The entries are to be reproduced verbatim, and their pictures left out.

### [Information provided]
---
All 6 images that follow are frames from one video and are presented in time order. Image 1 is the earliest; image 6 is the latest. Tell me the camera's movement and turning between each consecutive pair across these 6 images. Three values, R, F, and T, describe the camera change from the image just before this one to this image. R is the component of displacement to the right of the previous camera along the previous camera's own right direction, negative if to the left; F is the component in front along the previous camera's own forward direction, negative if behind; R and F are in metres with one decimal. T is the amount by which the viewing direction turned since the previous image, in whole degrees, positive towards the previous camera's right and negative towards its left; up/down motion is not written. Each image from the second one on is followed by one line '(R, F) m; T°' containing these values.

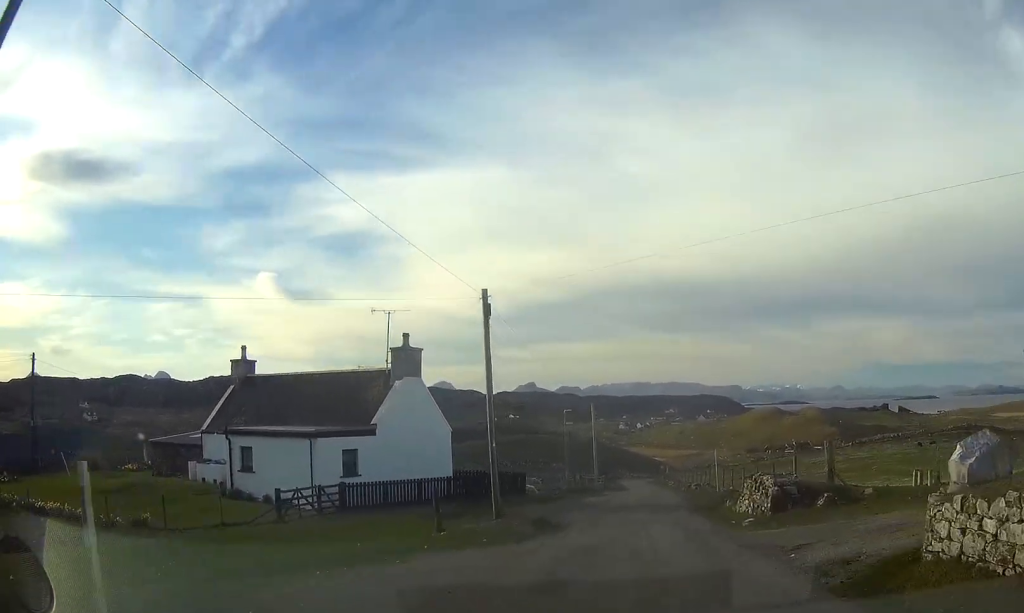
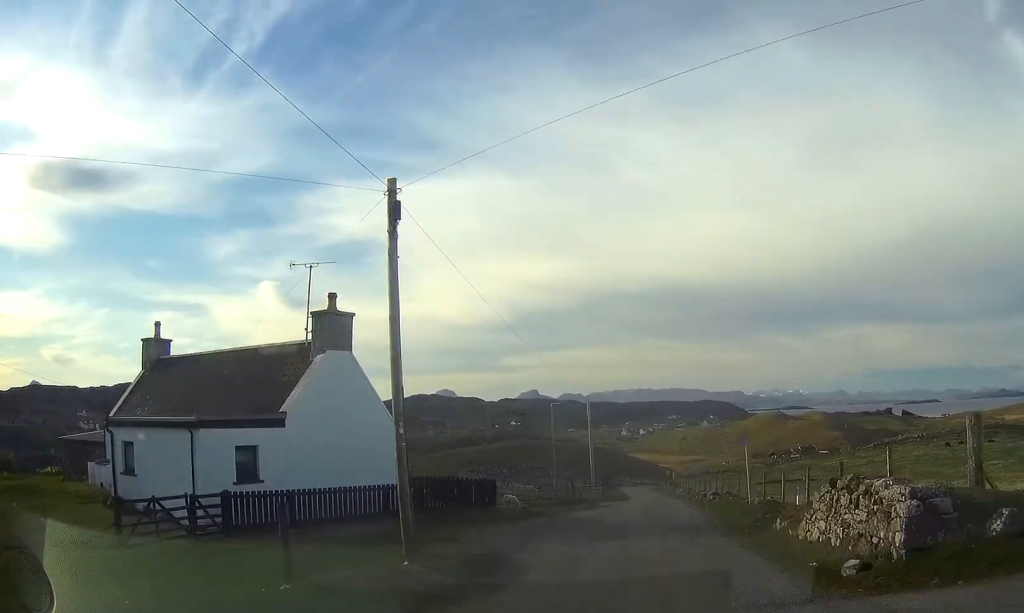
(0.0, +8.8) m; 0°
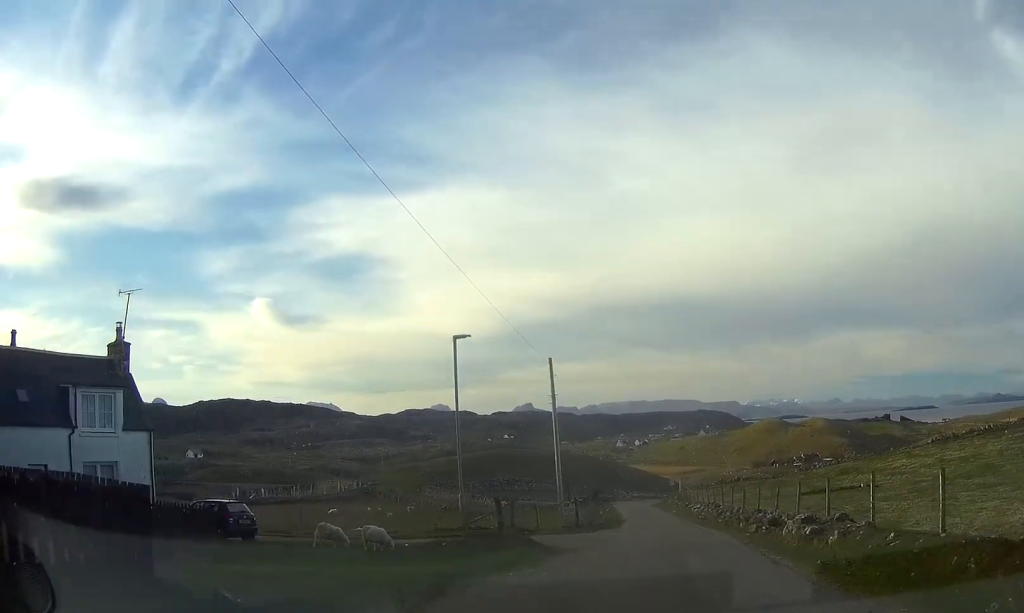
(0.0, +21.2) m; 0°
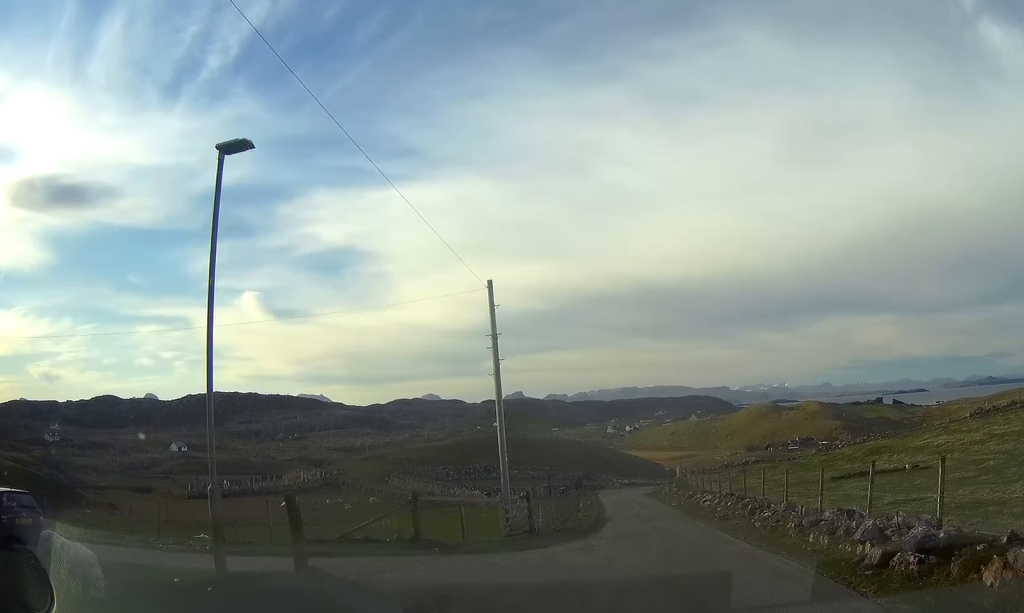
(+0.1, +11.4) m; 0°
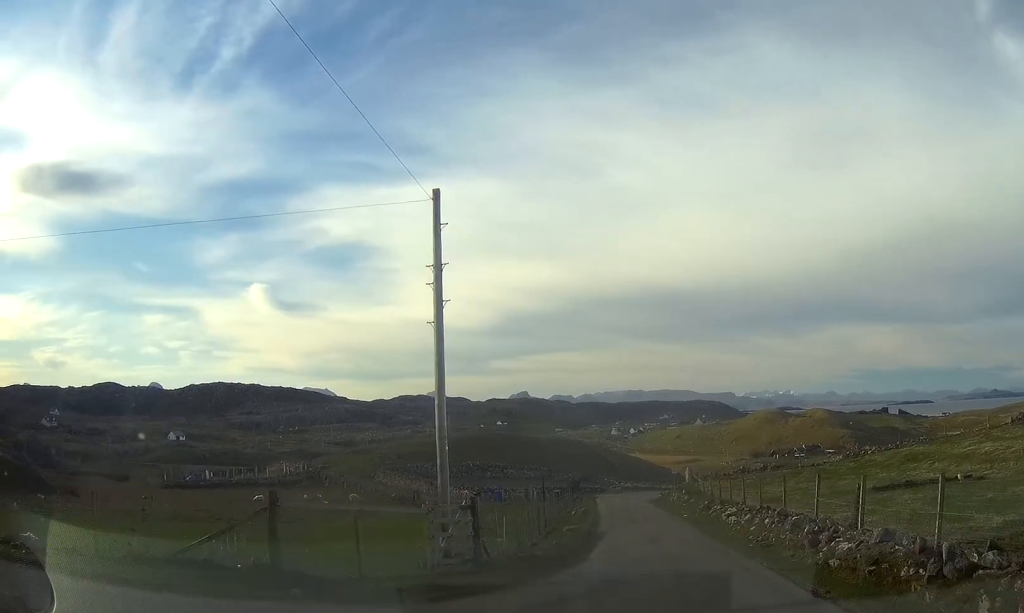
(0.0, +7.0) m; 0°
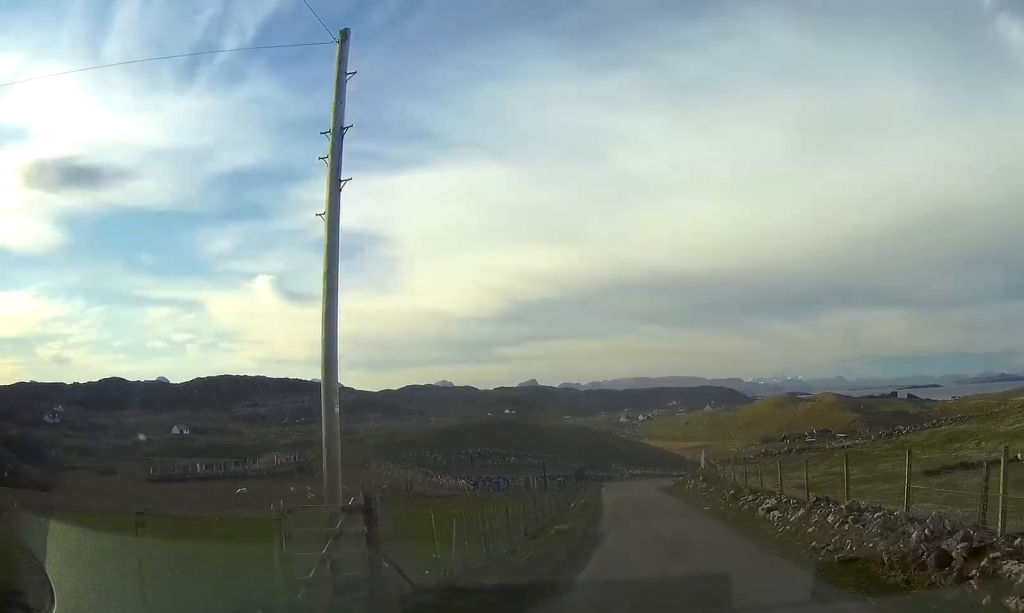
(0.0, +5.7) m; 0°
---
### [Response to the task]
All 6 images that follow are frames from one video and are presented in time order. Image 1 is the earliest; image 6 is the latest. Tell me the camera's movement and turning between each consecutive pair across these 6 images. Three values, R, F, and T, describe the camera change from the image just before this one to this image. R is the component of displacement to the right of the previous camera along the previous camera's own right direction, negative if to the left; F is the component in front along the previous camera's own forward direction, negative if behind; R and F are in metres with one decimal. T is the amount by which the viewing direction turned since the previous image, in whole degrees, positive towards the previous camera's right and negative towards its left; up/down motion is not written. Each image from the second one on is followed by one line '(R, F) m; T°' containing these values.

(0.0, +8.8) m; 0°
(0.0, +21.2) m; 0°
(+0.1, +11.4) m; 0°
(0.0, +7.0) m; 0°
(0.0, +5.7) m; 0°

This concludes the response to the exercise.